AIM OF THE TASK:
In the entries below, find every line holding the string "edges" and collect it.

*** Block opens ***

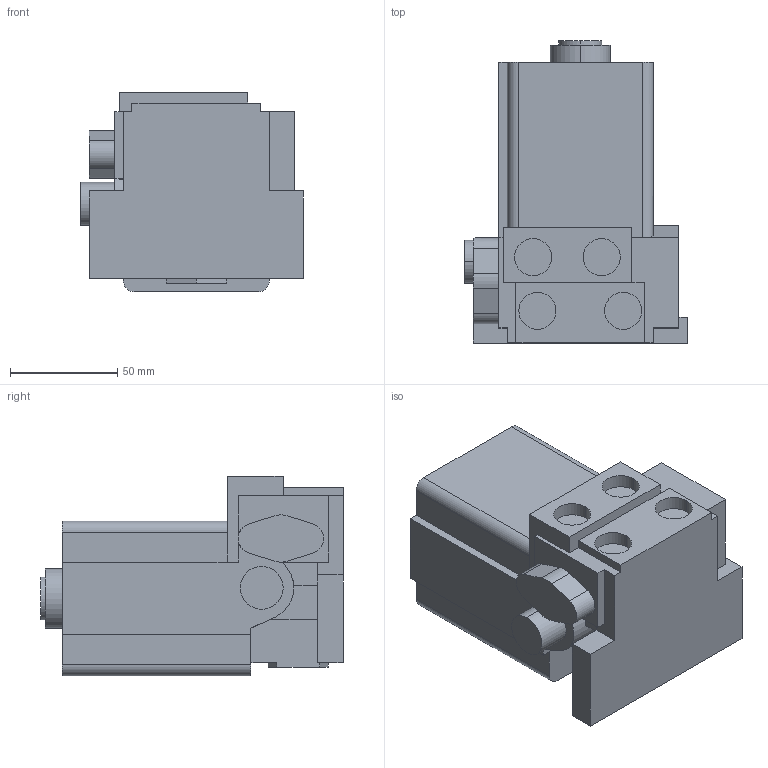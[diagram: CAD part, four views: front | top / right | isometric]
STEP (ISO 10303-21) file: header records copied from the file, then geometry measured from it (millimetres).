
FILE_DESCRIPTION (( 'STEP AP214' ), '1' );
FILE_NAME ('MVW2-10A.STEP', '2025-09-02T07:58:51', ( '' ), ( '' ), 'SwSTEP 2.0', 'SolidWorks 2023', '' );
FILE_SCHEMA (( 'AUTOMOTIVE_DESIGN' ));
Length unit declared in the file: millimetre
Products named in the file (1): MVW2-10A
Bounding box: 104 x 141 x 93 mm (x, y, z)
Volume: 722080.6 mm3; surface area: 63853.9 mm2
Topology: 1 solids, 1 shells, 101 faces, 269 edges, 177 vertices
Faces by surface type: plane 76, cylinder 25
Entity records: 3142 total; most frequent: CARTESIAN_POINT 551, ORIENTED_EDGE 538, DIRECTION 524, EDGE_CURVE 269, VECTOR 216, LINE 216, VERTEX_POINT 177, AXIS2_PLACEMENT_3D 154
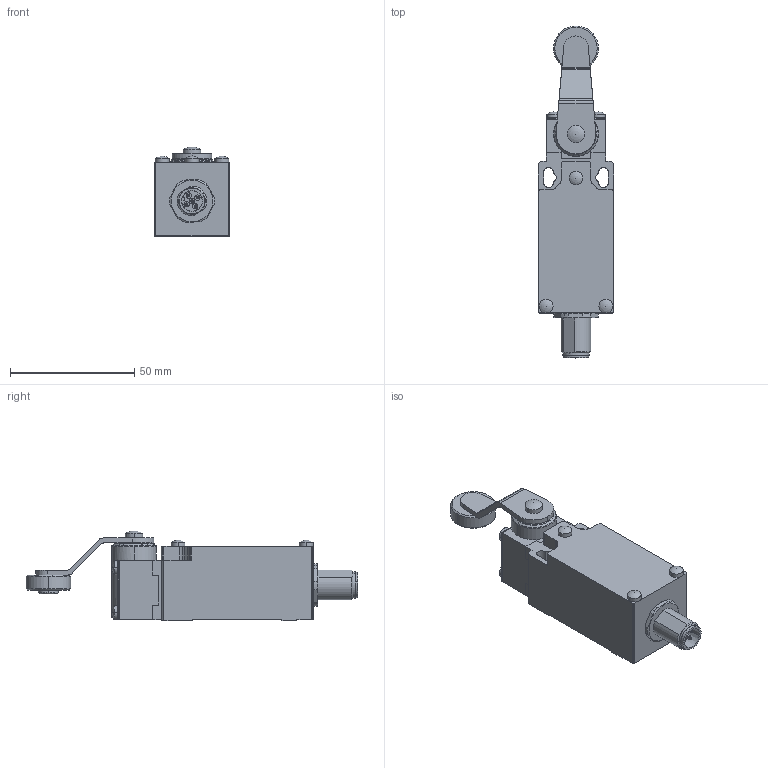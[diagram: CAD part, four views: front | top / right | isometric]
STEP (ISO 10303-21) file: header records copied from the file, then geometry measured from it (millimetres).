
FILE_DESCRIPTION (( 'STEP AP214' ), '1' );
FILE_NAME ('AAM7F46Z11.step', '2019-09-05T21:17:37', ( '' ), ( '' ), 'SwSTEP 2.0', 'SolidWorks 2018', '' );
FILE_SCHEMA (( 'AUTOMOTIVE_DESIGN' ));
Length unit declared in the file: inch
Products named in the file (1): AAM7F46Z11
Bounding box: 30.3 x 133.6 x 36.2 mm (x, y, z)
Volume: 70163.9 mm3; surface area: 18830.1 mm2
Topology: 4 solids, 4 shells, 327 faces, 816 edges, 522 vertices
Faces by surface type: cylinder 141, plane 130, cone 25, torus 19, sphere 12
Entity records: 14241 total; most frequent: CARTESIAN_POINT 2027, DIRECTION 1736, ORIENTED_EDGE 1616, EDGE_CURVE 808, AXIS2_PLACEMENT_3D 670, VERTEX_POINT 518, VECTOR 396, LINE 396
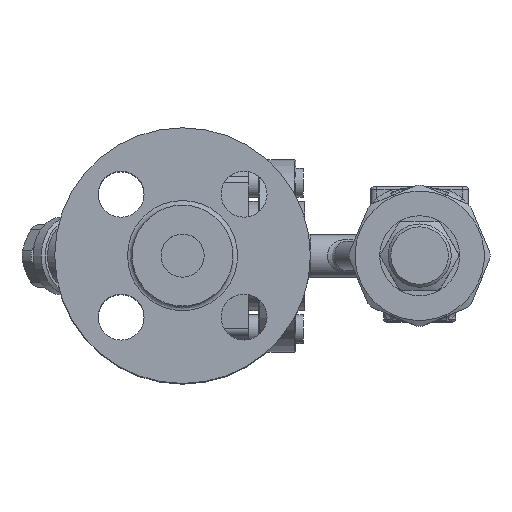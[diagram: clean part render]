
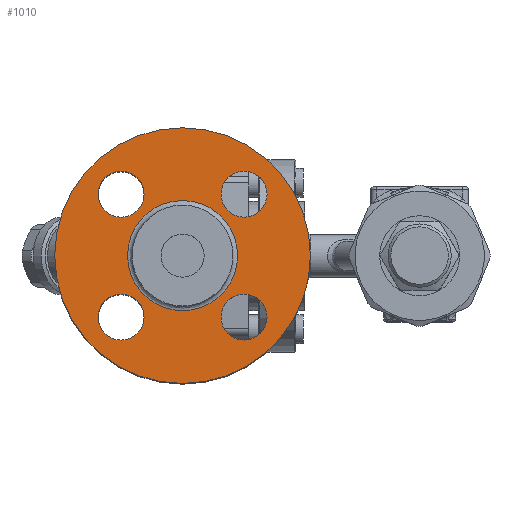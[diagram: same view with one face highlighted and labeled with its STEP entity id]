
A CAD part, top view. The second image highlights one B-rep face of the part: STEP entity #1010.
In plain terms, the highlighted planar face has unit normal (0, 0, 1).
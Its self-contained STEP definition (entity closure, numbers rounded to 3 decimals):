
#864=CARTESIAN_POINT('',(-38.,0.0,75.4));
#865=VERTEX_POINT('',#864);
#866=CARTESIAN_POINT('',(-82.5,0.0,75.4));
#867=DIRECTION('',(0.0,0.0,1.0));
#868=DIRECTION('',(1.0,0.0,0.0));
#869=AXIS2_PLACEMENT_3D('',#866,#867,#868);
#870=CIRCLE('',#869,44.5);
#871=EDGE_CURVE('',#865,#865,#870,.T.);
#932=CARTESIAN_POINT('',(-63.35,0.,75.4));
#933=VERTEX_POINT('',#932);
#934=CARTESIAN_POINT('',(-82.5,0.0,75.4));
#935=DIRECTION('',(0.0,0.0,1.0));
#936=DIRECTION('',(-1.0,0.0,0.0));
#937=AXIS2_PLACEMENT_3D('',#934,#935,#936);
#938=CIRCLE('',#937,19.15);
#939=EDGE_CURVE('',#933,#933,#938,.T.);
#955=CARTESIAN_POINT('',(-51.475,0.0,75.4));
#956=DIRECTION('',(0.0,0.0,1.0));
#957=DIRECTION('',(1.0,0.0,0.0));
#958=AXIS2_PLACEMENT_3D('',#955,#956,#957);
#959=PLANE('',#958);
#960=ORIENTED_EDGE('',*,*,#871,.T.);
#961=EDGE_LOOP('',(#960));
#962=FACE_OUTER_BOUND('',#961,.T.);
#963=CARTESIAN_POINT('',(-53.11,21.39,75.4));
#964=VERTEX_POINT('',#963);
#965=CARTESIAN_POINT('',(-61.11,21.39,75.4));
#966=DIRECTION('',(0.0,0.0,-1.0));
#967=DIRECTION('',(1.0,0.0,0.0));
#968=AXIS2_PLACEMENT_3D('',#965,#966,#967);
#969=CIRCLE('',#968,8.0);
#970=EDGE_CURVE('',#964,#964,#969,.T.);
#971=ORIENTED_EDGE('',*,*,#970,.T.);
#972=EDGE_LOOP('',(#971));
#973=FACE_BOUND('',#972,.T.);
#974=CARTESIAN_POINT('',(-103.89,29.39,75.4));
#975=VERTEX_POINT('',#974);
#976=CARTESIAN_POINT('',(-103.89,21.39,75.4));
#977=DIRECTION('',(0.0,0.0,-1.0));
#978=DIRECTION('',(0.0,1.0,0.0));
#979=AXIS2_PLACEMENT_3D('',#976,#977,#978);
#980=CIRCLE('',#979,8.0);
#981=EDGE_CURVE('',#975,#975,#980,.T.);
#982=ORIENTED_EDGE('',*,*,#981,.T.);
#983=EDGE_LOOP('',(#982));
#984=FACE_BOUND('',#983,.T.);
#985=CARTESIAN_POINT('',(-111.89,-21.39,75.4));
#986=VERTEX_POINT('',#985);
#987=CARTESIAN_POINT('',(-103.89,-21.39,75.4));
#988=DIRECTION('',(0.0,0.0,-1.0));
#989=DIRECTION('',(-1.0,0.0,0.0));
#990=AXIS2_PLACEMENT_3D('',#987,#988,#989);
#991=CIRCLE('',#990,8.0);
#992=EDGE_CURVE('',#986,#986,#991,.T.);
#993=ORIENTED_EDGE('',*,*,#992,.T.);
#994=EDGE_LOOP('',(#993));
#995=FACE_BOUND('',#994,.T.);
#996=CARTESIAN_POINT('',(-61.11,-29.39,75.4));
#997=VERTEX_POINT('',#996);
#998=CARTESIAN_POINT('',(-61.11,-21.39,75.4));
#999=DIRECTION('',(0.0,0.0,-1.0));
#1000=DIRECTION('',(0.0,-1.0,0.0));
#1001=AXIS2_PLACEMENT_3D('',#998,#999,#1000);
#1002=CIRCLE('',#1001,8.0);
#1003=EDGE_CURVE('',#997,#997,#1002,.T.);
#1004=ORIENTED_EDGE('',*,*,#1003,.T.);
#1005=EDGE_LOOP('',(#1004));
#1006=FACE_BOUND('',#1005,.T.);
#1007=ORIENTED_EDGE('',*,*,#939,.F.);
#1008=EDGE_LOOP('',(#1007));
#1009=FACE_BOUND('',#1008,.T.);
#1010=ADVANCED_FACE('',(#962,#973,#984,#995,#1006,#1009),#959,.T.);
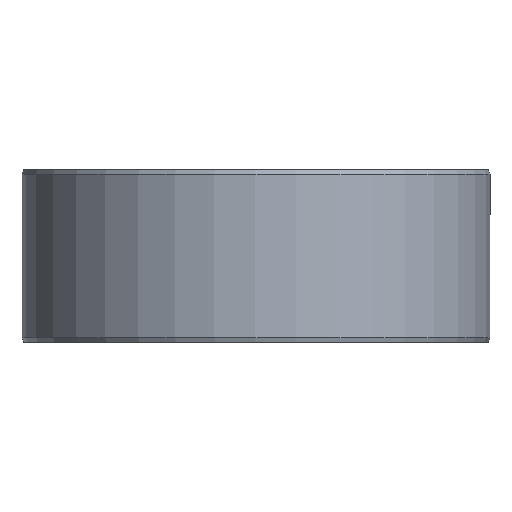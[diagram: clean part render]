
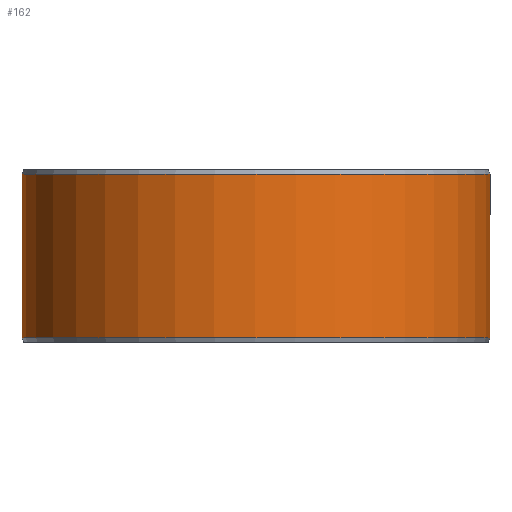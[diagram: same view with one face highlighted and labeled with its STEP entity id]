
A CAD part, front view. The second image highlights one B-rep face of the part: STEP entity #162.
In plain terms, the highlighted cylindrical face has radius 95 mm (diameter 190 mm), a partial arc.
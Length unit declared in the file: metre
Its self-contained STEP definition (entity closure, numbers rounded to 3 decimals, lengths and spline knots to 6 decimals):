
#162=ADVANCED_FACE('',(#185,#186),#187,.T.);
#185=FACE_OUTER_BOUND('',#211,.T.);
#186=FACE_BOUND('',#212,.T.);
#187=CYLINDRICAL_SURFACE('',#213,0.095);
#211=EDGE_LOOP('',(#289,#290,#291,#292));
#212=EDGE_LOOP('',(#293));
#213=AXIS2_PLACEMENT_3D('',#294,#295,#296);
#289=ORIENTED_EDGE('',*,*,#314,.T.);
#290=ORIENTED_EDGE('',*,*,#323,.F.);
#291=ORIENTED_EDGE('',*,*,#309,.F.);
#292=ORIENTED_EDGE('',*,*,#324,.T.);
#293=ORIENTED_EDGE('',*,*,#327,.T.);
#294=CARTESIAN_POINT('',(0.,0.,0.0));
#295=DIRECTION('',(0.,0.0,-1.0));
#296=DIRECTION('',(-1.0,0.0,0.));
#309=EDGE_CURVE('',#341,#342,#343,.T.);
#314=EDGE_CURVE('',#351,#349,#352,.T.);
#323=EDGE_CURVE('',#342,#349,#365,.T.);
#324=EDGE_CURVE('',#341,#351,#366,.T.);
#327=EDGE_CURVE('',#370,#370,#371,.T.);
#341=VERTEX_POINT('',#389);
#342=VERTEX_POINT('',#390);
#343=CIRCLE('',#391,0.095);
#349=VERTEX_POINT('',#399);
#351=VERTEX_POINT('',#402);
#352=CIRCLE('',#403,0.095);
#365=LINE('',#422,#423);
#366=LINE('',#424,#425);
#370=VERTEX_POINT('',#501);
#371=B_SPLINE_CURVE_WITH_KNOTS('',3,(#502,#503,#504,#505,#506,#507,#508,#509,#510,#511,#512,#513,#514,#515,#516,#517,#518,#519,#520,#521,#522,#523,#524,#525,#526,#527,#528,#529,#530,#531,#532,#533,#534,#535,#536,#537,#538,#539,#540,#541,#542,#543,#544,#545,#546,#547,#548,#549,#550,#551,#552,#553,#554,#555,#556,#557,#558,#559,#560,#561,#562,#563,#564,#565,#566,#567,#568,#569,#570,#571,#572,#573),.UNSPECIFIED.,.T.,.F.,(2,2,2,2,2,2,2,2,2,2,2,2,2,2,2,2,2,2,2,2,2,2,2,2,2,2,2,2,2,2,2,2,2,2,2,2,2,2),(-0.000977,0.0,0.000977,0.001466,0.001954,0.002931,0.003908,0.004885,0.005862,0.00684,0.007817,0.008794,0.009771,0.010748,0.011725,0.012702,0.013191,0.013679,0.014656,0.015633,0.01661,0.017587,0.018564,0.019541,0.020519,0.021496,0.022473,0.02345,0.024427,0.024915,0.025404,0.026381,0.027358,0.028335,0.029312,0.030289,0.031266,0.032243),.UNSPECIFIED.);
#389=CARTESIAN_POINT('',(0.001658,0.094986,0.0018));
#390=CARTESIAN_POINT('',(0.,0.095,0.0018));
#391=AXIS2_PLACEMENT_3D('',#587,#588,#589);
#399=CARTESIAN_POINT('',(0.,0.095,0.0682));
#402=CARTESIAN_POINT('',(0.001658,0.094986,0.0682));
#403=AXIS2_PLACEMENT_3D('',#596,#597,#598);
#422=CARTESIAN_POINT('',(0.,0.095,0.0018));
#423=VECTOR('',#611,1.0);
#424=CARTESIAN_POINT('',(0.001658,0.094986,0.0018));
#425=VECTOR('',#612,1.0);
#501=CARTESIAN_POINT('',(0.078743,-0.053147,0.035));
#502=CARTESIAN_POINT('',(0.078743,-0.053147,0.03467));
#503=CARTESIAN_POINT('',(0.078743,-0.053147,0.03533));
#504=CARTESIAN_POINT('',(0.078761,-0.05312,0.035655));
#505=CARTESIAN_POINT('',(0.078814,-0.053041,0.036135));
#506=CARTESIAN_POINT('',(0.078836,-0.053008,0.036293));
#507=CARTESIAN_POINT('',(0.07889,-0.052929,0.036607));
#508=CARTESIAN_POINT('',(0.078921,-0.052882,0.036763));
#509=CARTESIAN_POINT('',(0.079026,-0.052725,0.037217));
#510=CARTESIAN_POINT('',(0.079111,-0.052598,0.037505));
#511=CARTESIAN_POINT('',(0.079311,-0.052295,0.038048));
#512=CARTESIAN_POINT('',(0.079428,-0.052118,0.038305));
#513=CARTESIAN_POINT('',(0.07968,-0.051732,0.038766));
#514=CARTESIAN_POINT('',(0.079817,-0.05152,0.038973));
#515=CARTESIAN_POINT('',(0.080112,-0.05106,0.039339));
#516=CARTESIAN_POINT('',(0.080268,-0.050815,0.039494));
#517=CARTESIAN_POINT('',(0.080588,-0.050305,0.039744));
#518=CARTESIAN_POINT('',(0.080755,-0.050038,0.03984));
#519=CARTESIAN_POINT('',(0.081093,-0.049488,0.039968));
#520=CARTESIAN_POINT('',(0.081262,-0.04921,0.04));
#521=CARTESIAN_POINT('',(0.081597,-0.048651,0.04));
#522=CARTESIAN_POINT('',(0.081767,-0.048367,0.039968));
#523=CARTESIAN_POINT('',(0.082091,-0.047813,0.03984));
#524=CARTESIAN_POINT('',(0.082248,-0.047544,0.039746));
#525=CARTESIAN_POINT('',(0.082549,-0.047019,0.039495));
#526=CARTESIAN_POINT('',(0.082694,-0.046764,0.039339));
#527=CARTESIAN_POINT('',(0.082959,-0.046291,0.038977));
#528=CARTESIAN_POINT('',(0.083082,-0.04607,0.038771));
#529=CARTESIAN_POINT('',(0.083307,-0.045661,0.038304));
#530=CARTESIAN_POINT('',(0.083407,-0.045479,0.038051));
#531=CARTESIAN_POINT('',(0.083536,-0.04524,0.037645));
#532=CARTESIAN_POINT('',(0.083577,-0.045166,0.037505));
#533=CARTESIAN_POINT('',(0.08365,-0.04503,0.037216));
#534=CARTESIAN_POINT('',(0.083684,-0.044967,0.037066));
#535=CARTESIAN_POINT('',(0.083773,-0.044801,0.036612));
#536=CARTESIAN_POINT('',(0.083817,-0.044717,0.0363));
#537=CARTESIAN_POINT('',(0.083878,-0.044604,0.03566));
#538=CARTESIAN_POINT('',(0.083893,-0.044575,0.035328));
#539=CARTESIAN_POINT('',(0.083893,-0.044575,0.034675));
#540=CARTESIAN_POINT('',(0.083878,-0.044603,0.034351));
#541=CARTESIAN_POINT('',(0.083818,-0.044716,0.033706));
#542=CARTESIAN_POINT('',(0.083773,-0.0448,0.03339));
#543=CARTESIAN_POINT('',(0.083655,-0.04502,0.032788));
#544=CARTESIAN_POINT('',(0.083582,-0.045156,0.032498));
#545=CARTESIAN_POINT('',(0.083408,-0.045478,0.031951));
#546=CARTESIAN_POINT('',(0.083308,-0.045659,0.031699));
#547=CARTESIAN_POINT('',(0.083086,-0.046063,0.031237));
#548=CARTESIAN_POINT('',(0.082961,-0.046288,0.031026));
#549=CARTESIAN_POINT('',(0.082695,-0.046762,0.030662));
#550=CARTESIAN_POINT('',(0.082553,-0.047012,0.030509));
#551=CARTESIAN_POINT('',(0.082252,-0.047536,0.030257));
#552=CARTESIAN_POINT('',(0.082093,-0.047811,0.030161));
#553=CARTESIAN_POINT('',(0.081769,-0.048362,0.030033));
#554=CARTESIAN_POINT('',(0.081603,-0.048642,0.03));
#555=CARTESIAN_POINT('',(0.081264,-0.049207,0.03));
#556=CARTESIAN_POINT('',(0.081094,-0.049486,0.030032));
#557=CARTESIAN_POINT('',(0.080843,-0.049894,0.030127));
#558=CARTESIAN_POINT('',(0.08076,-0.050029,0.030166));
#559=CARTESIAN_POINT('',(0.080594,-0.050295,0.030261));
#560=CARTESIAN_POINT('',(0.080511,-0.050428,0.030317));
#561=CARTESIAN_POINT('',(0.080269,-0.050813,0.030505));
#562=CARTESIAN_POINT('',(0.080115,-0.051055,0.030658));
#563=CARTESIAN_POINT('',(0.079822,-0.051513,0.03102));
#564=CARTESIAN_POINT('',(0.079681,-0.051729,0.031231));
#565=CARTESIAN_POINT('',(0.079429,-0.052116,0.031692));
#566=CARTESIAN_POINT('',(0.079315,-0.05229,0.031944));
#567=CARTESIAN_POINT('',(0.079113,-0.052595,0.032489));
#568=CARTESIAN_POINT('',(0.079026,-0.052725,0.032781));
#569=CARTESIAN_POINT('',(0.078887,-0.052933,0.033382));
#570=CARTESIAN_POINT('',(0.078833,-0.053012,0.033696));
#571=CARTESIAN_POINT('',(0.078761,-0.05312,0.034343));
#572=CARTESIAN_POINT('',(0.078743,-0.053147,0.03467));
#573=CARTESIAN_POINT('',(0.078743,-0.053147,0.03533));
#587=CARTESIAN_POINT('',(0.,0.,0.0018));
#588=DIRECTION('',(0.,0.0,-1.0));
#589=DIRECTION('',(-1.0,0.0,0.));
#596=CARTESIAN_POINT('',(0.,0.,0.0682));
#597=DIRECTION('',(0.,0.0,-1.0));
#598=DIRECTION('',(-1.0,0.0,0.));
#611=DIRECTION('',(0.,0.,1.0));
#612=DIRECTION('',(0.,0.,1.0));

*** Block closes ***

THE COMPLETED TASK:
Topology: 1 solids, 1 shells, 101 faces, 269 edges, 177 vertices
Topology: 4 solids, 4 shells, 327 faces, 816 edges, 522 vertices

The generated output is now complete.